> _Exercise brief_
Please repeat the lines below, exactly and only, from the one that holds "Medication Management" through the one that holds "constant monitoring. (ECF".
─── Raw data ───
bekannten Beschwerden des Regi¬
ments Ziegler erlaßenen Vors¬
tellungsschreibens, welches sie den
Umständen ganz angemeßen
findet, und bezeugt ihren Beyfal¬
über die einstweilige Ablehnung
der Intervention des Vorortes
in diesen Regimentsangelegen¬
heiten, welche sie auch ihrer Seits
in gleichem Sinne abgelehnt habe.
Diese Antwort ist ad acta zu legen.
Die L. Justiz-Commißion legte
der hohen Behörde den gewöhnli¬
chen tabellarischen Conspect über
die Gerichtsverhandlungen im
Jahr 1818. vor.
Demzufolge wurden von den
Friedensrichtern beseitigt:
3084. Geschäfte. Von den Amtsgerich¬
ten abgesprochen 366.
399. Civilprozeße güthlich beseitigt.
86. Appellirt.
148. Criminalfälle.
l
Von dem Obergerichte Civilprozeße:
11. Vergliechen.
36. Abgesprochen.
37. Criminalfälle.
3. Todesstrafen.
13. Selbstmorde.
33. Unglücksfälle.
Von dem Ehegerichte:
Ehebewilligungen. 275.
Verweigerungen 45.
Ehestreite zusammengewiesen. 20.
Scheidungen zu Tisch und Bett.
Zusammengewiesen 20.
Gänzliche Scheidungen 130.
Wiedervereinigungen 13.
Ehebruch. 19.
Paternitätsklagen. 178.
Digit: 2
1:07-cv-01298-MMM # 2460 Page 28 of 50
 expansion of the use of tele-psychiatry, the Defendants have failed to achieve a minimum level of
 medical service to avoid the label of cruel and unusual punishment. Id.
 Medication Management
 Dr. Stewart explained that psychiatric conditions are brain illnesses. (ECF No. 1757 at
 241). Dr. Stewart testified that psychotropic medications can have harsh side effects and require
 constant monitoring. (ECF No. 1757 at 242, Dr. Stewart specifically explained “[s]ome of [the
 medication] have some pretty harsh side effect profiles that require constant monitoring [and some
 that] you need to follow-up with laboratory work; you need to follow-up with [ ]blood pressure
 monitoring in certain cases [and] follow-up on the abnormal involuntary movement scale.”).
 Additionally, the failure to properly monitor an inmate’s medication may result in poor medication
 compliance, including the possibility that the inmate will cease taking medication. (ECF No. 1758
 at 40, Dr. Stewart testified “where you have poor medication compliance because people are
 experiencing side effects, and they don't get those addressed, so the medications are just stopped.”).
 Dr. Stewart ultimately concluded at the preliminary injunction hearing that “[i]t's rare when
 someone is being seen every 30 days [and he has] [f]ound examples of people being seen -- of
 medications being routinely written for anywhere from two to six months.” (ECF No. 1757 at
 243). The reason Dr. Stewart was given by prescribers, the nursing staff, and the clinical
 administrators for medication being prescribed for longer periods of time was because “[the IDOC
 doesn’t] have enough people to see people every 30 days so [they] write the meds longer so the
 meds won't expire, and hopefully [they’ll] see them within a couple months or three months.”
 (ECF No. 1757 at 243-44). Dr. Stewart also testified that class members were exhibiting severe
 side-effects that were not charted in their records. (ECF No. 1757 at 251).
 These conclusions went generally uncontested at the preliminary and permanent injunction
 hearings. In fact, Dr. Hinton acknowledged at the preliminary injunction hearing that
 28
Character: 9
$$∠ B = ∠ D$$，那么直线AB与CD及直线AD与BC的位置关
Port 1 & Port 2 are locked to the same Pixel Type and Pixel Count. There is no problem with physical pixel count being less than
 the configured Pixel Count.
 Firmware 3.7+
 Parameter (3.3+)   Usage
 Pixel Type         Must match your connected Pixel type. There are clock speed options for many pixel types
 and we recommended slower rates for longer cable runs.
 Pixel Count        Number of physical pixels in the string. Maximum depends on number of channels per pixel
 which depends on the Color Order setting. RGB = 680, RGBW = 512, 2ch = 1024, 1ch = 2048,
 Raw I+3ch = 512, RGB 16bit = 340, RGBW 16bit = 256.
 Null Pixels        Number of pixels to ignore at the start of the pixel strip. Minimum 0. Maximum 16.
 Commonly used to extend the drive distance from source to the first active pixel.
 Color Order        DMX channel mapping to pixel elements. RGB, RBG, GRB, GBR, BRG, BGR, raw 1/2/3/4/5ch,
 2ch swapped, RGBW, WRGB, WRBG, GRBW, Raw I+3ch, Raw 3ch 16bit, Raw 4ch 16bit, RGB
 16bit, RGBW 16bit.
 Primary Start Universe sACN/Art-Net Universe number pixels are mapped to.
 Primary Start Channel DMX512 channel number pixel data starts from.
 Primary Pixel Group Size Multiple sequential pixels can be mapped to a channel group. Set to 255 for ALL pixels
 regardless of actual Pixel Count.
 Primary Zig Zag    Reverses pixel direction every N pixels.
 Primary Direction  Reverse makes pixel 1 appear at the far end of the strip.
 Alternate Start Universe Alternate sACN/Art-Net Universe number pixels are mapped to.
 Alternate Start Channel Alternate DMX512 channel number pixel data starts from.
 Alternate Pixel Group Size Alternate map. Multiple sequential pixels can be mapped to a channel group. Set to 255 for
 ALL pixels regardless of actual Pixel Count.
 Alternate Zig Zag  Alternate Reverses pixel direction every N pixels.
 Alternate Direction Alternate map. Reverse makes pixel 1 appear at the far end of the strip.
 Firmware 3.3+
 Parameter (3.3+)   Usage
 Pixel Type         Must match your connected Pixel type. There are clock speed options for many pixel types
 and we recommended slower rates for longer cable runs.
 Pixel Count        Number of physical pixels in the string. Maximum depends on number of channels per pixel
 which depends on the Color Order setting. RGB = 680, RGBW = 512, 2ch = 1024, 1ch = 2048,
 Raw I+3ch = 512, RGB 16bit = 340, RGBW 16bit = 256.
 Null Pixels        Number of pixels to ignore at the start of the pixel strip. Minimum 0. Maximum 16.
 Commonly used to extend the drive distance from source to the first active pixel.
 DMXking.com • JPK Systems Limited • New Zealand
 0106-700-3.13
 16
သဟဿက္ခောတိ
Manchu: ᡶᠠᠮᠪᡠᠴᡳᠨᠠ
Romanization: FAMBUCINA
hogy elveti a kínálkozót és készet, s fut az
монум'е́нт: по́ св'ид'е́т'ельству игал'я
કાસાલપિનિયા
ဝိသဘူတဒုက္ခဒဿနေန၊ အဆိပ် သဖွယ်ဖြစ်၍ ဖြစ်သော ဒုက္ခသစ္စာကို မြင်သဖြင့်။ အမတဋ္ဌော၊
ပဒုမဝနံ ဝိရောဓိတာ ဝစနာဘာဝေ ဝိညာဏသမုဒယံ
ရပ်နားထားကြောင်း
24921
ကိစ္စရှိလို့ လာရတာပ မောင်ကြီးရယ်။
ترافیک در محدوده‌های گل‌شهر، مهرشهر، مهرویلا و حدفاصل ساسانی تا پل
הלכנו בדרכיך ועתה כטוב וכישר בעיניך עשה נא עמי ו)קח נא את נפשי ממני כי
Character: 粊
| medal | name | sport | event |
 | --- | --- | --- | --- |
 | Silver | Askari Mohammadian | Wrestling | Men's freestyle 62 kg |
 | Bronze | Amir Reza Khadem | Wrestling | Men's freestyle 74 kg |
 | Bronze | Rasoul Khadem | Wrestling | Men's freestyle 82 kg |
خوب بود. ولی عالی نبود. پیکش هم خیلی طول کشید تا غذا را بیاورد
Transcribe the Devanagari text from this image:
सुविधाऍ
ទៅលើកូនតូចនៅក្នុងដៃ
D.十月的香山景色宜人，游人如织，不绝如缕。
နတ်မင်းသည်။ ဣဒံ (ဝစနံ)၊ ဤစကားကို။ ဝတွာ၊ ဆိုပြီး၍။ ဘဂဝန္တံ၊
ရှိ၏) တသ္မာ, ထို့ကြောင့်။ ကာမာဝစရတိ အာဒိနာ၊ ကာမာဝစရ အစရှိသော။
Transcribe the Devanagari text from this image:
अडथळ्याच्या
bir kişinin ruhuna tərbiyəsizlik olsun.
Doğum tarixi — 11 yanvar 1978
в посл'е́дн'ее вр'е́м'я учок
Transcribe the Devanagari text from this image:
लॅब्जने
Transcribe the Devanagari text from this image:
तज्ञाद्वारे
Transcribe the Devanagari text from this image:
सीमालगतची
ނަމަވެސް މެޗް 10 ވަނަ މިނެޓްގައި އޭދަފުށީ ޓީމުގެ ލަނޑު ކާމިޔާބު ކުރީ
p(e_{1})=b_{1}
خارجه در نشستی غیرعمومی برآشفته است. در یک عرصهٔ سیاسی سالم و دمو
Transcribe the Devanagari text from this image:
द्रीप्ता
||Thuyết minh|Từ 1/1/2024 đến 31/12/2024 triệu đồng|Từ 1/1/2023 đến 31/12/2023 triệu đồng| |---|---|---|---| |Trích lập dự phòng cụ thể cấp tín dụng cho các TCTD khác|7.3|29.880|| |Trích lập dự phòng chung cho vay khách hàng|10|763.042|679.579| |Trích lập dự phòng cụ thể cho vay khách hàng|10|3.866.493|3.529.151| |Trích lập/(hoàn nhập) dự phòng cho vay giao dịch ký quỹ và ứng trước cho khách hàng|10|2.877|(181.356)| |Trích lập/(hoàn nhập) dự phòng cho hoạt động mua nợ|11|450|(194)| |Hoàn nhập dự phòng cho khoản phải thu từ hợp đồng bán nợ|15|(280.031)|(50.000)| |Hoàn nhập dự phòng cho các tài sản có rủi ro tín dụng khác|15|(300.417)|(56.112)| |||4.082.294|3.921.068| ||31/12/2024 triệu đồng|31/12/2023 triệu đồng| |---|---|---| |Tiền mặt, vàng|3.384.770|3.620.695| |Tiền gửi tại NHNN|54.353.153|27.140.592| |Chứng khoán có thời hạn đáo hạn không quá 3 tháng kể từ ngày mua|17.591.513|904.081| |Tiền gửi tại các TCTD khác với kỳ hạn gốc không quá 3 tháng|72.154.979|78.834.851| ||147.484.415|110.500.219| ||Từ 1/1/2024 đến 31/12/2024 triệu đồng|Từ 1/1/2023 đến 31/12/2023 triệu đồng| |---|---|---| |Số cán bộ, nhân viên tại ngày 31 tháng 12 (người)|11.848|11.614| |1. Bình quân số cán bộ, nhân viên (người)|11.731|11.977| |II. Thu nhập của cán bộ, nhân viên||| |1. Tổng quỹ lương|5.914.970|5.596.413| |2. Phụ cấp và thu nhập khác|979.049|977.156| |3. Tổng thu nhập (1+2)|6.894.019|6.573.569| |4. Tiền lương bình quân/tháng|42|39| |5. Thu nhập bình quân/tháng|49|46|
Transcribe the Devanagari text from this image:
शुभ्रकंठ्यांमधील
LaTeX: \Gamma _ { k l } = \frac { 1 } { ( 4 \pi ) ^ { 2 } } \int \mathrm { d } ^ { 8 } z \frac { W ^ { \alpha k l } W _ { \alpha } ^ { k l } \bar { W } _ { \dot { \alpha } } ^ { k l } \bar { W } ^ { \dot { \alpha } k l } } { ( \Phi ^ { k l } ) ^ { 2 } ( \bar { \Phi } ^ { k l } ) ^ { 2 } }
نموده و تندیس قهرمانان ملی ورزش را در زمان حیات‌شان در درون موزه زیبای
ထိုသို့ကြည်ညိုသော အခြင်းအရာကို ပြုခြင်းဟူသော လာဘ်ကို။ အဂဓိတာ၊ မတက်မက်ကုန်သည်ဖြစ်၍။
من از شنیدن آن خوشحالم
───
> _Expected output_
 Medication Management
 Dr. Stewart explained that psychiatric conditions are brain illnesses. (ECF No. 1757 at
 241). Dr. Stewart testified that psychotropic medications can have harsh side effects and require
 constant monitoring. (ECF No. 1757 at 242, Dr. Stewart specifically explained “[s]ome of [the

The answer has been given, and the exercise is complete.